__Task directions__:
Images stay out. Everything else in the records is repeated exactly.
■ ■ ■
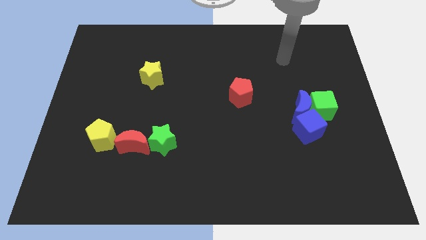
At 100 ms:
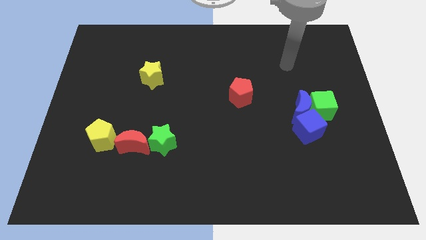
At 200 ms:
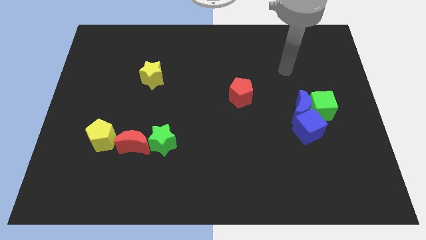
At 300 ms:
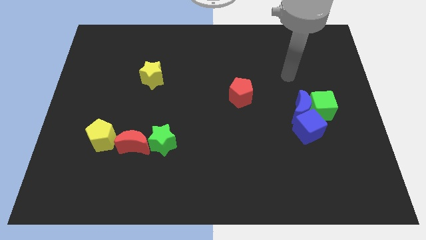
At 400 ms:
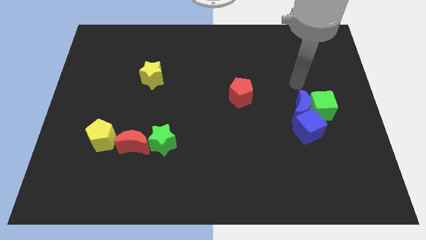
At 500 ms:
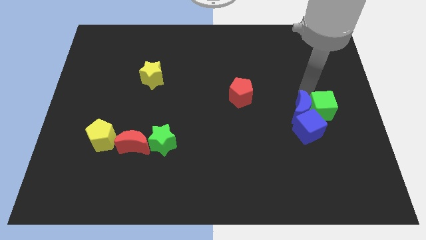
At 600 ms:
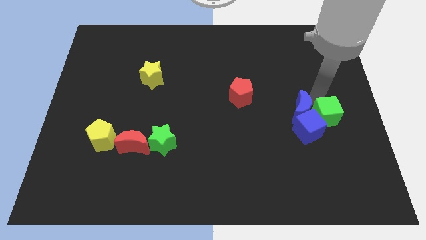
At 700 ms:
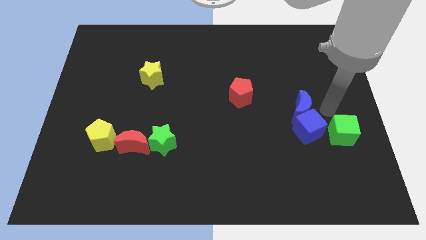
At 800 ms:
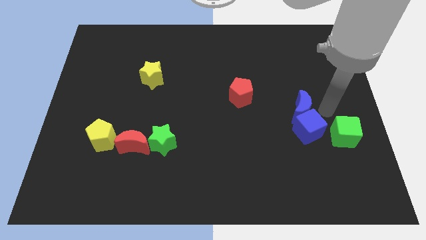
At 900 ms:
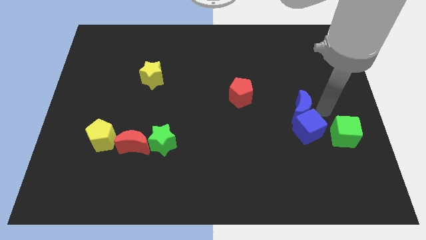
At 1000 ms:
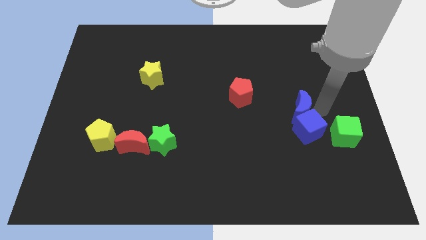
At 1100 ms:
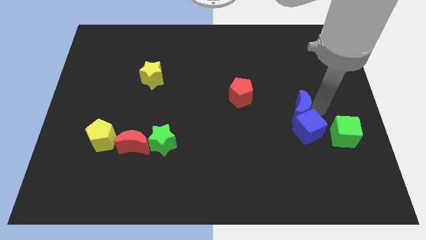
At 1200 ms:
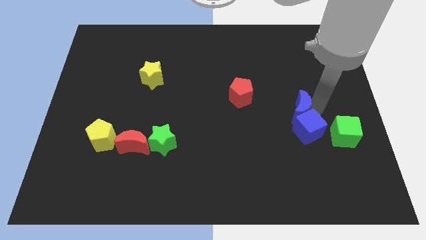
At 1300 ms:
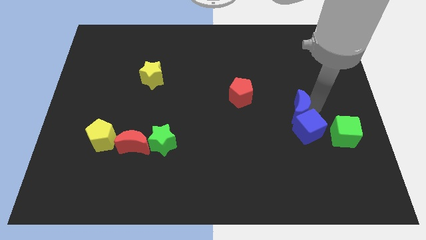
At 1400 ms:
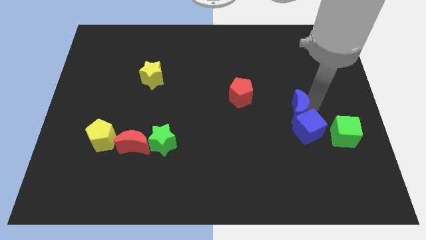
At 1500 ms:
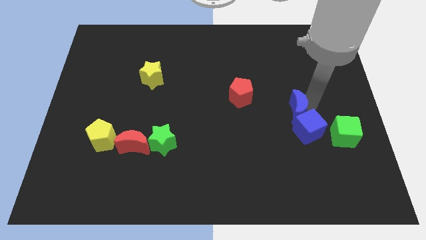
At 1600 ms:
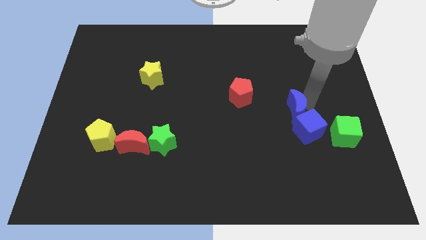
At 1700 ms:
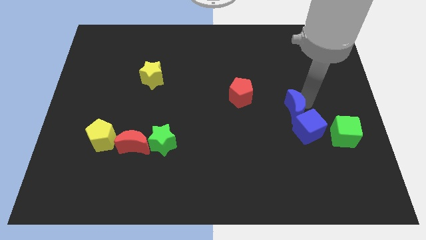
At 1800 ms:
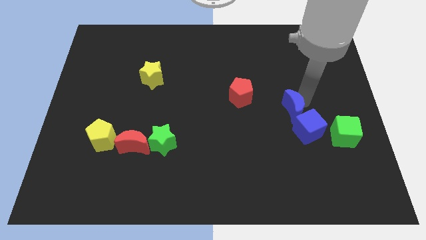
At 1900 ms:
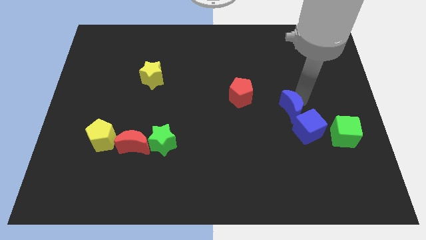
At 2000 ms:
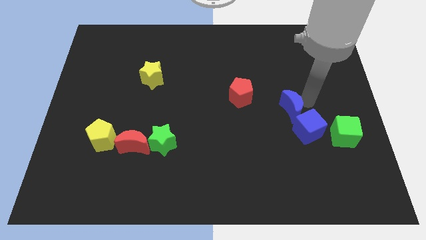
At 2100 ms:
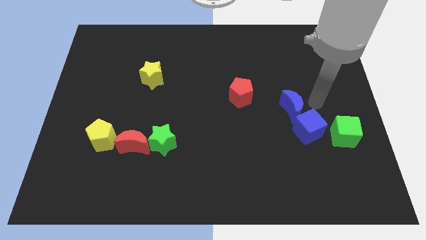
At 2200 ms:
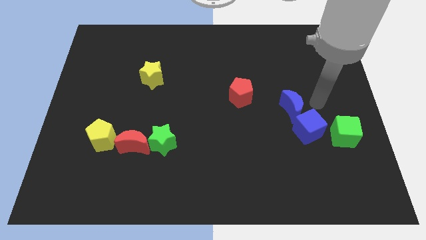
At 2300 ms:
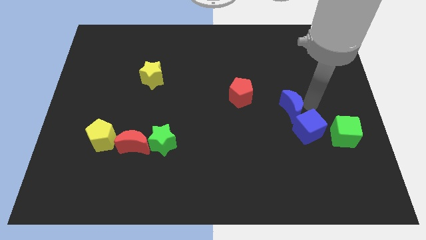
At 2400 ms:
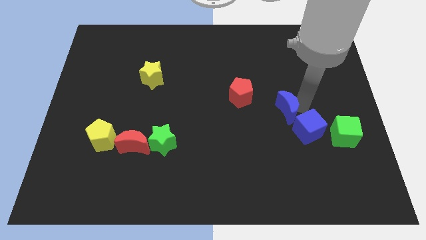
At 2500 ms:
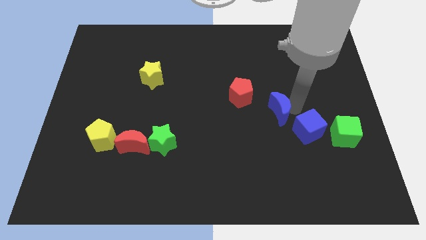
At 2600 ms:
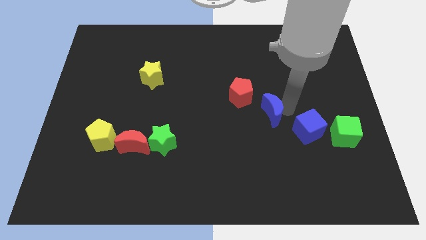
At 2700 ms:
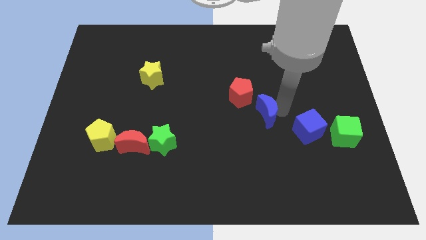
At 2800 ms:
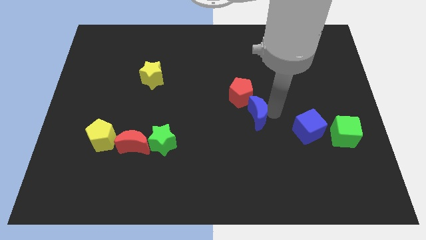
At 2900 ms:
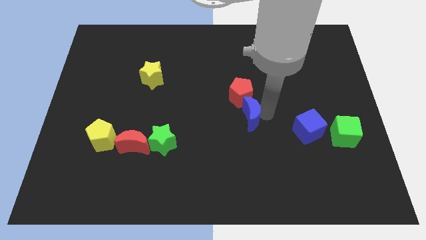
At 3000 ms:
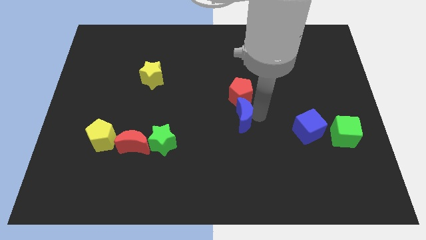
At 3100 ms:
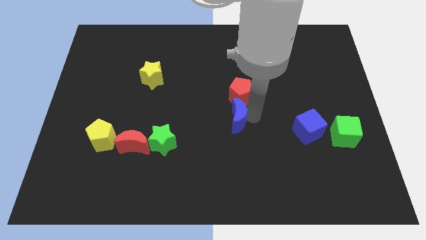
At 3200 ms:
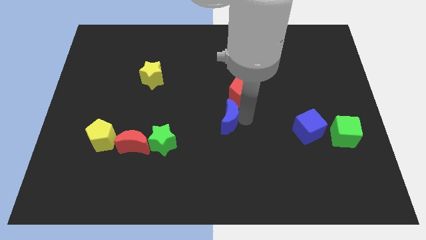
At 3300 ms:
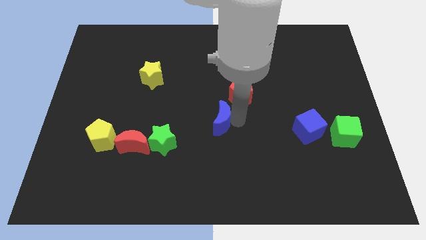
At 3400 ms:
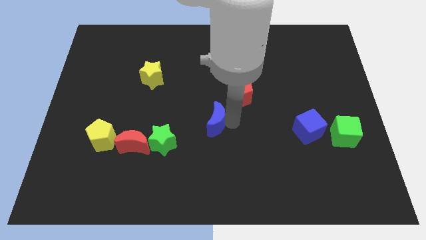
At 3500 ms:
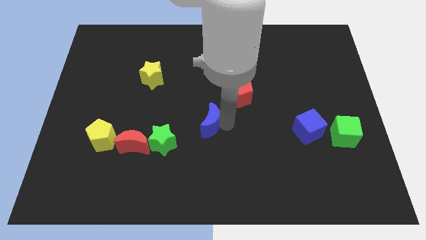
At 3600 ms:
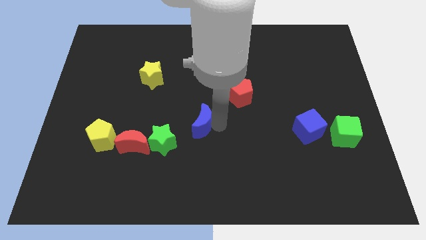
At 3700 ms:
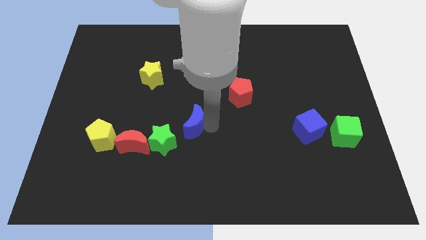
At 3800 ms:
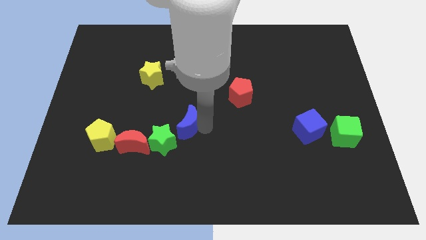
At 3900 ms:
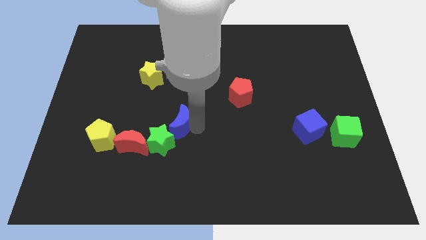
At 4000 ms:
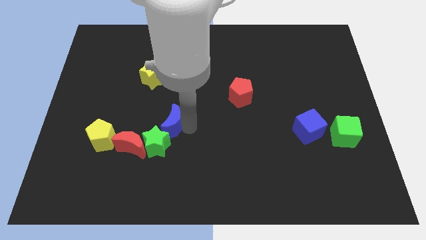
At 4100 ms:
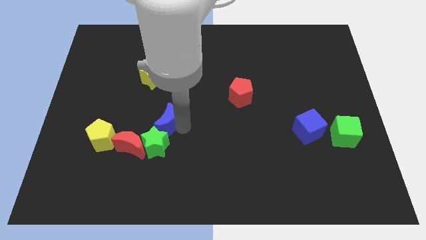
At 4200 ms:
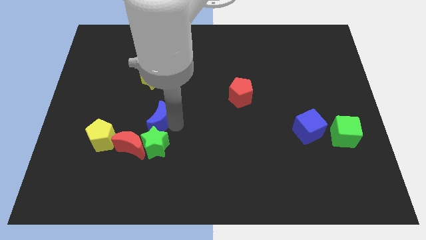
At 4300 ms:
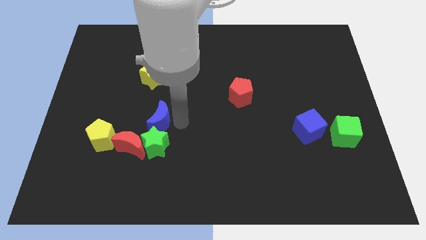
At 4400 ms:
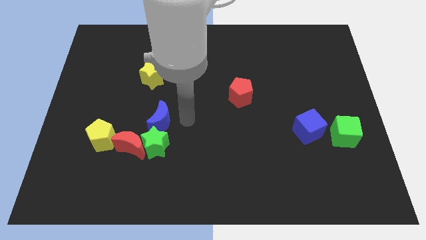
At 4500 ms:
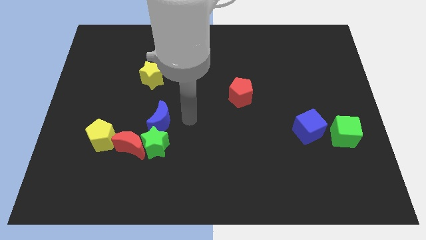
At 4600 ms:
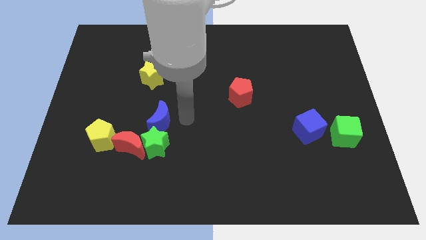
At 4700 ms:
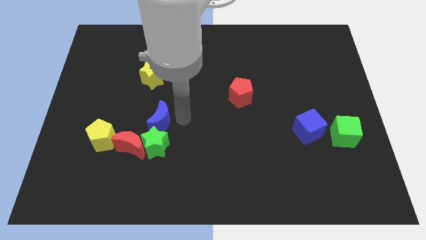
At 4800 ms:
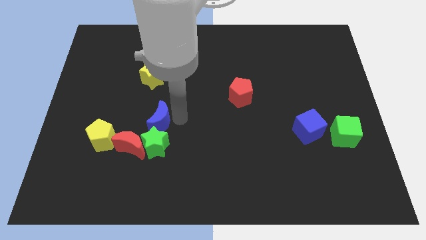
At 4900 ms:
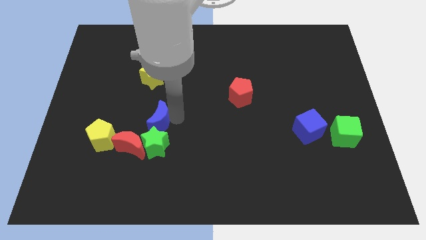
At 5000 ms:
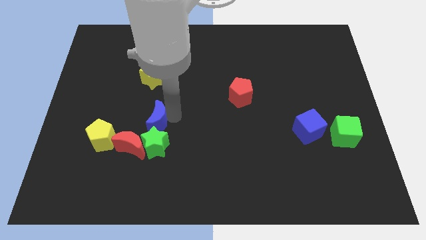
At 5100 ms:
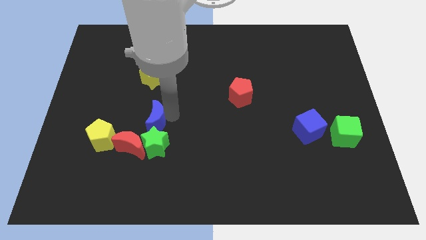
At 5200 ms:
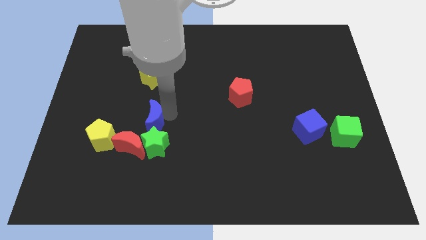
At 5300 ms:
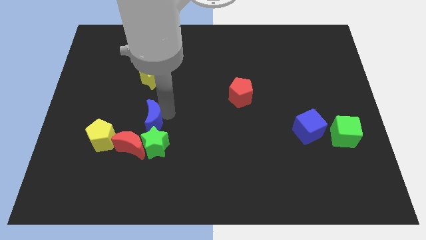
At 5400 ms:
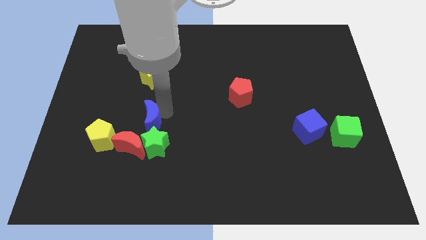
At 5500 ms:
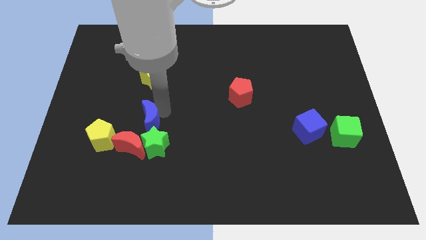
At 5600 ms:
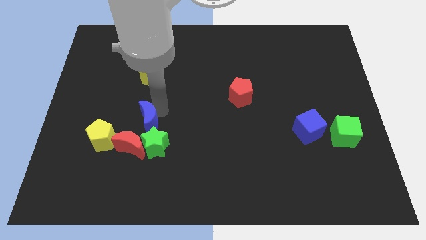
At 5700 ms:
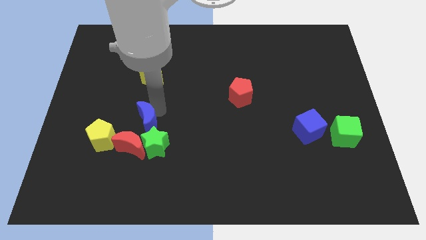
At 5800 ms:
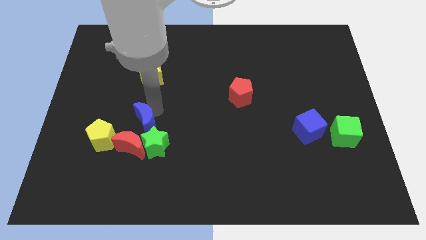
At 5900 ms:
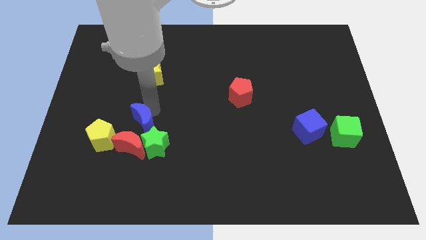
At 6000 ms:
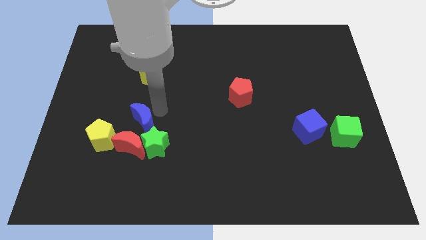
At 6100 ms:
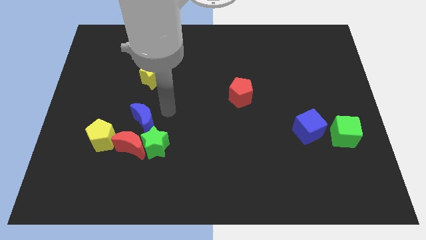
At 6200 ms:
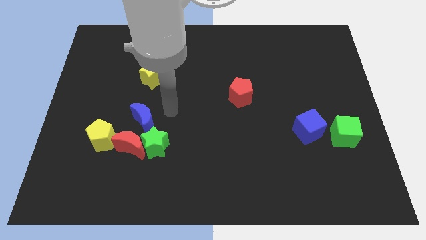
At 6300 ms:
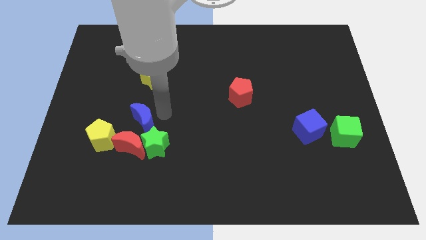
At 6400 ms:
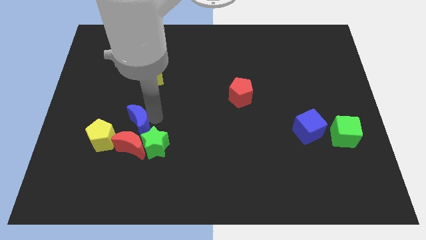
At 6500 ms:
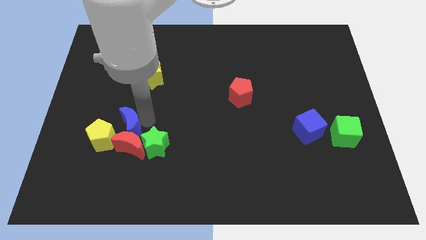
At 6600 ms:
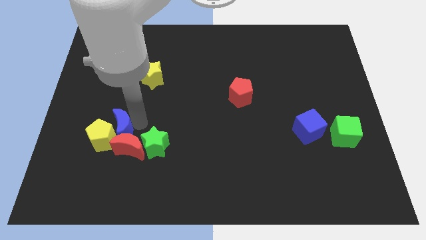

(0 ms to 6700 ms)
slide the blue moon close to the yellow pentagon
■ ■ ■
__Completed task__:
At 100 ms:
At 200 ms:
At 300 ms:
At 400 ms:
At 500 ms:
At 600 ms:
At 700 ms:
At 800 ms:
At 900 ms:
At 1000 ms:
At 1100 ms:
At 1200 ms:
At 1300 ms:
At 1400 ms:
At 1500 ms:
At 1600 ms:
At 1700 ms:
At 1800 ms:
At 1900 ms:
At 2000 ms:
At 2100 ms:
At 2200 ms:
At 2300 ms:
At 2400 ms:
At 2500 ms:
At 2600 ms:
At 2700 ms:
At 2800 ms:
At 2900 ms:
At 3000 ms:
At 3100 ms:
At 3200 ms:
At 3300 ms:
At 3400 ms:
At 3500 ms:
At 3600 ms:
At 3700 ms:
At 3800 ms:
At 3900 ms:
At 4000 ms:
At 4100 ms:
At 4200 ms:
At 4300 ms:
At 4400 ms:
At 4500 ms:
At 4600 ms:
At 4700 ms:
At 4800 ms:
At 4900 ms:
At 5000 ms:
At 5100 ms:
At 5200 ms:
At 5300 ms:
At 5400 ms:
At 5500 ms:
At 5600 ms:
At 5700 ms:
At 5800 ms:
At 5900 ms:
At 6000 ms:
At 6100 ms:
At 6200 ms:
At 6300 ms:
At 6400 ms:
At 6500 ms:
At 6600 ms:

(0 ms to 6700 ms)
slide the blue moon close to the yellow pentagon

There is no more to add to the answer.